Sites therefore become "important" if they're linked to by other "important" sites. The intuition roughly follows that if a site \(s\) is linked within another site that is rarely embedded, then the rank of site \(s\) will not increase much. Conversely, if site \(s\) is linked within more popular sites, its rank will increase.

Naive Page Rank: Shortcomings

A weakpoint of this naive implementation of Page Rank is that a unique solution is not guaranteed. Brin-Page (1990s) proposed:

"PageRank can be thought of as a model of user behavior We assume there is a random surfer who is given a web page at random and keeps clicking on links, never hitting "back", but eventually gets bored and starts on another random page."

\[{\bf{M}} = d{\bf{A}} + \frac{1-d}{n}\bf{1} \]

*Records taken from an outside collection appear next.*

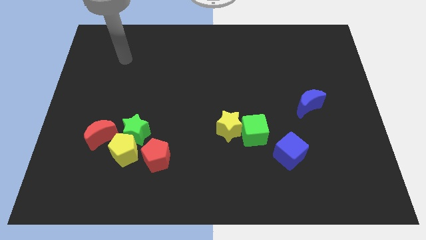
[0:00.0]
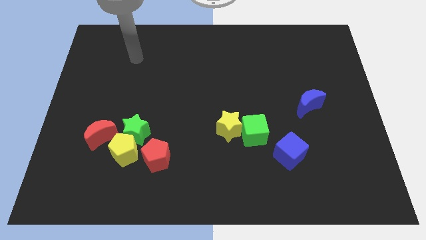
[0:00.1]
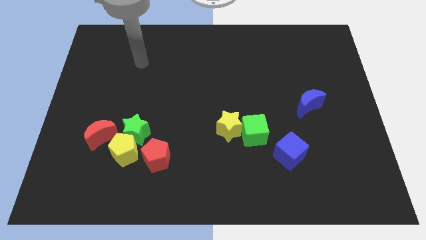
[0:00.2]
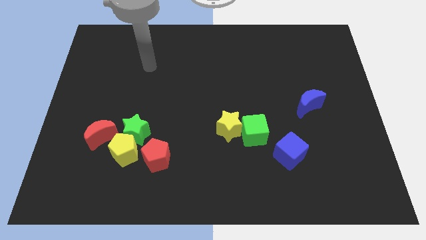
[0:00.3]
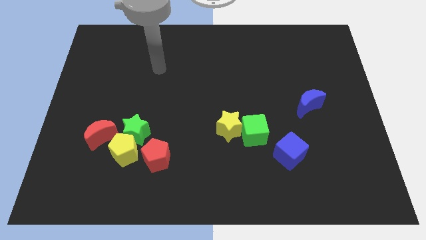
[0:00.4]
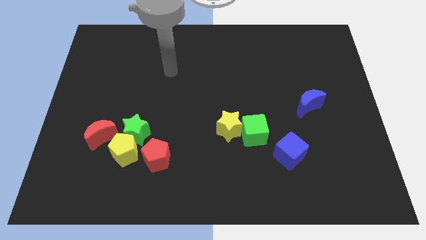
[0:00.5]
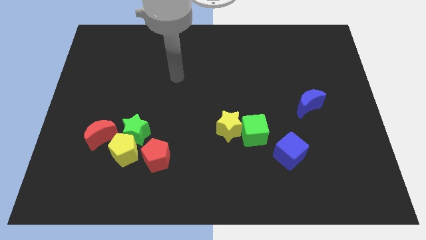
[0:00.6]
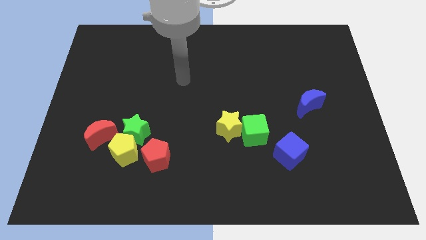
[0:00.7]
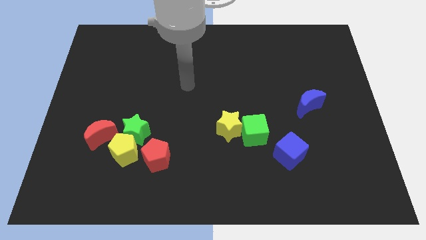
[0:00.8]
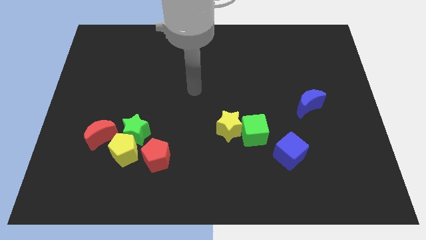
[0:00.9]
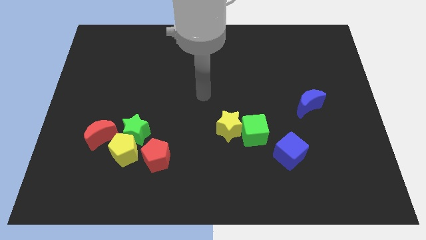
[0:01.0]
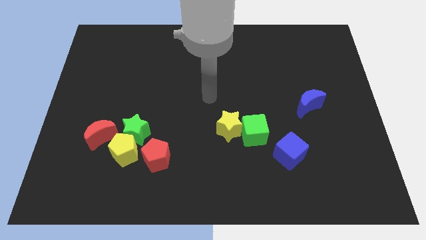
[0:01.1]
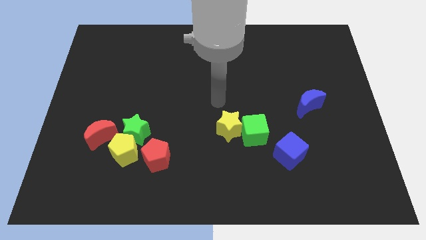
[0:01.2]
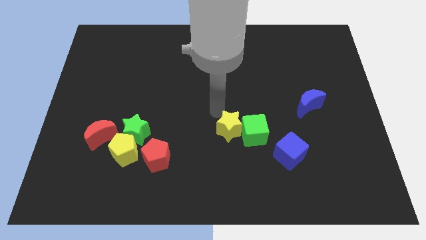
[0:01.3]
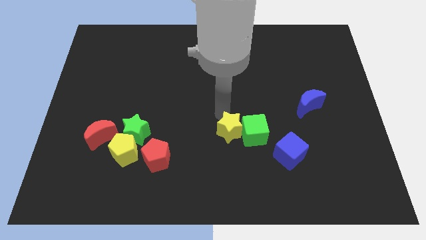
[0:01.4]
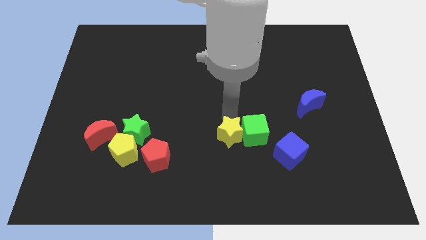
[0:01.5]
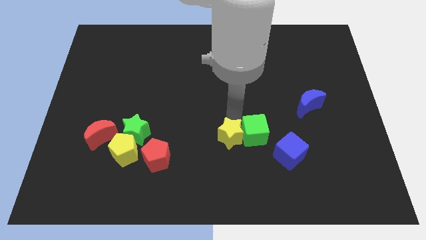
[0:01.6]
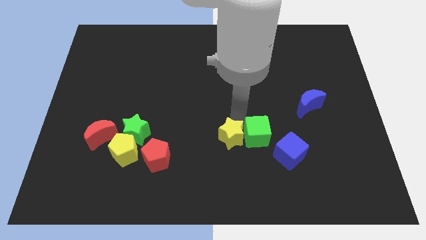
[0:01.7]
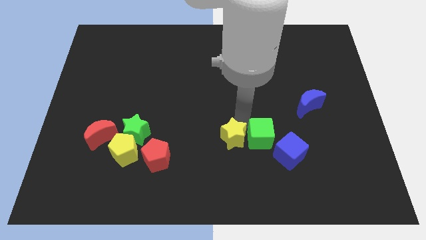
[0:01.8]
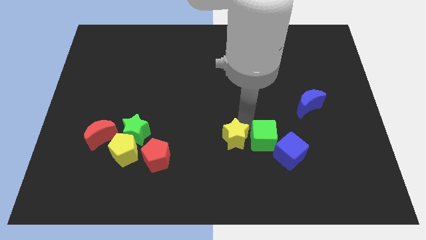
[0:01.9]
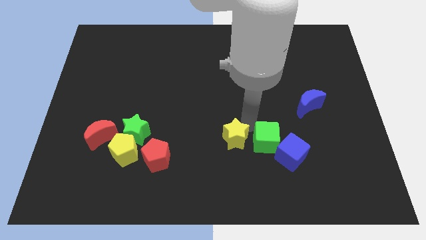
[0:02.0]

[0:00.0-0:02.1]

We introduce a constant, or damping factor, \(d\) in order to model the random jump. Let \(n\) be the number of nodes in the graph. Here, a surfer clicks on a link on the current page with probability \(d\) and opens a random page with probability \(1-d\). This model makes all entries of M greater than zero, and guarantees a unique solution.

Review Questions

Given an undirected or directed graph (weighted or unweighted), determine the adjacency matrix for the graph.
What is a transition matrix? Given a graph representing the transitions or a description of the problem, determine the transition matrix.